• DATA SECTION:
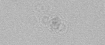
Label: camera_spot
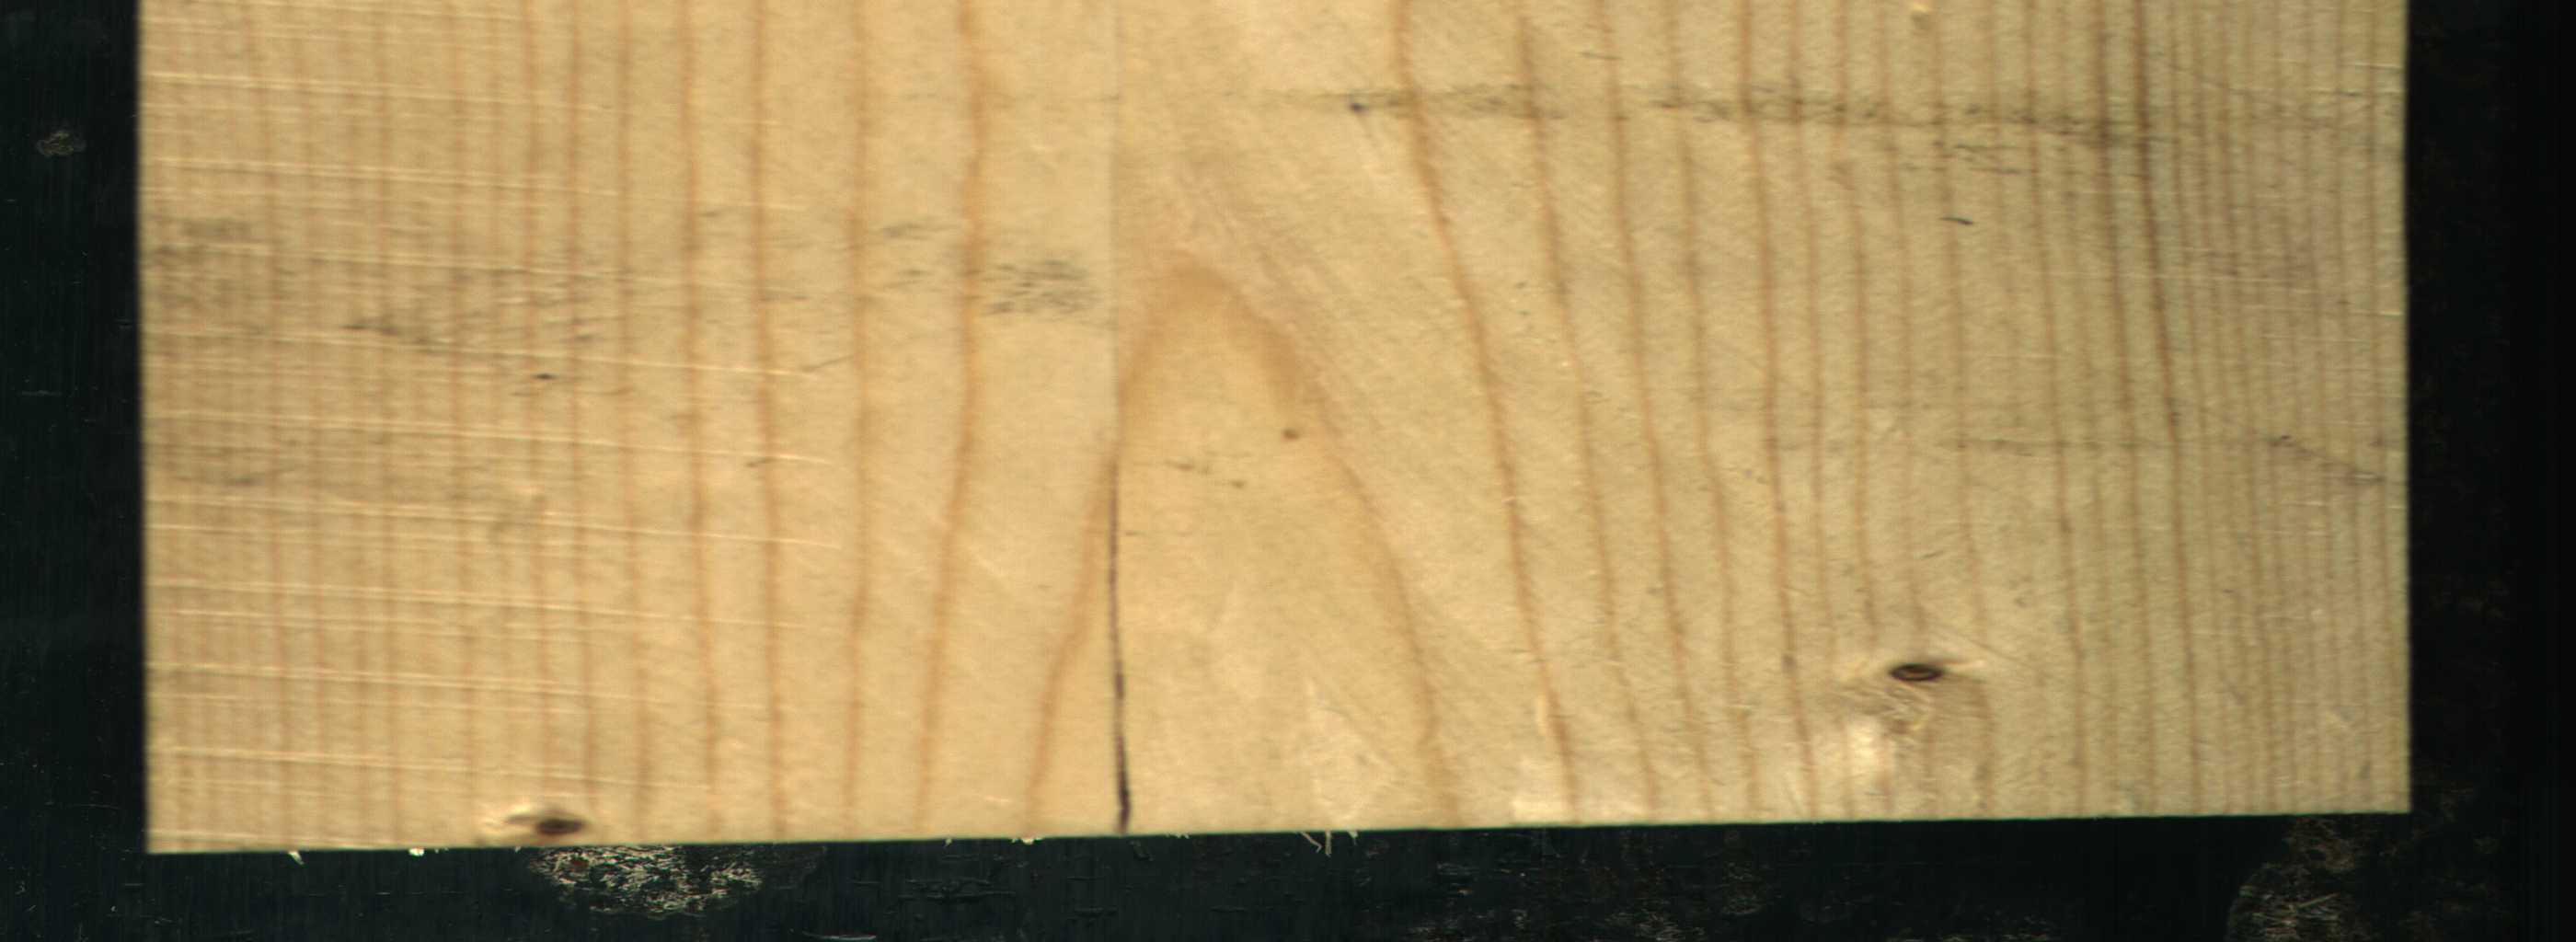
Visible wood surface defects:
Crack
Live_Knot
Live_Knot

...

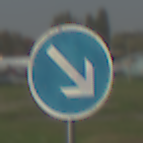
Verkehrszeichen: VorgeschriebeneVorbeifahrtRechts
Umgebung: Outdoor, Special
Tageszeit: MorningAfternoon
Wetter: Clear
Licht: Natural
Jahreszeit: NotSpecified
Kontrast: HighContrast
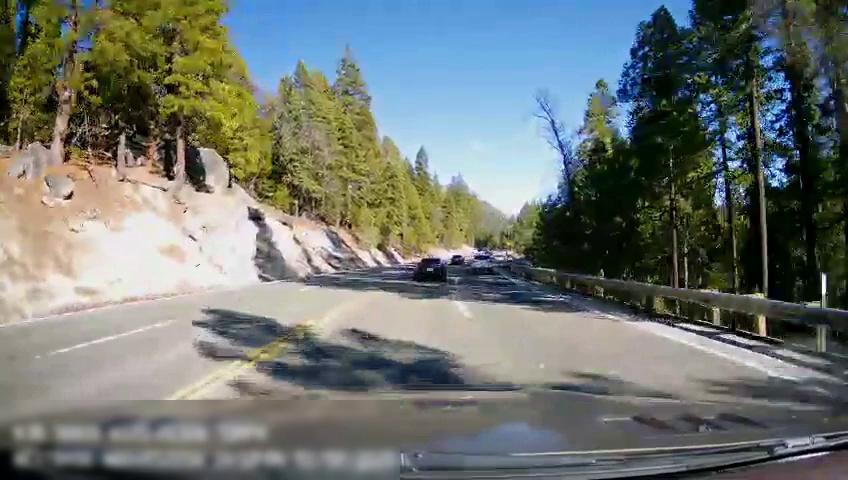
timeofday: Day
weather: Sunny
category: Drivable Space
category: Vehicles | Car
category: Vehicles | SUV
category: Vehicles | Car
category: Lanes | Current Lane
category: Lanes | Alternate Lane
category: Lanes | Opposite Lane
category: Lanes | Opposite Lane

• WHAT YOU SHOULD DO: The expected output is each line of the records above that includes the word "Lanes".

• SOLUTION:
category: Lanes | Current Lane
category: Lanes | Alternate Lane
category: Lanes | Opposite Lane
category: Lanes | Opposite Lane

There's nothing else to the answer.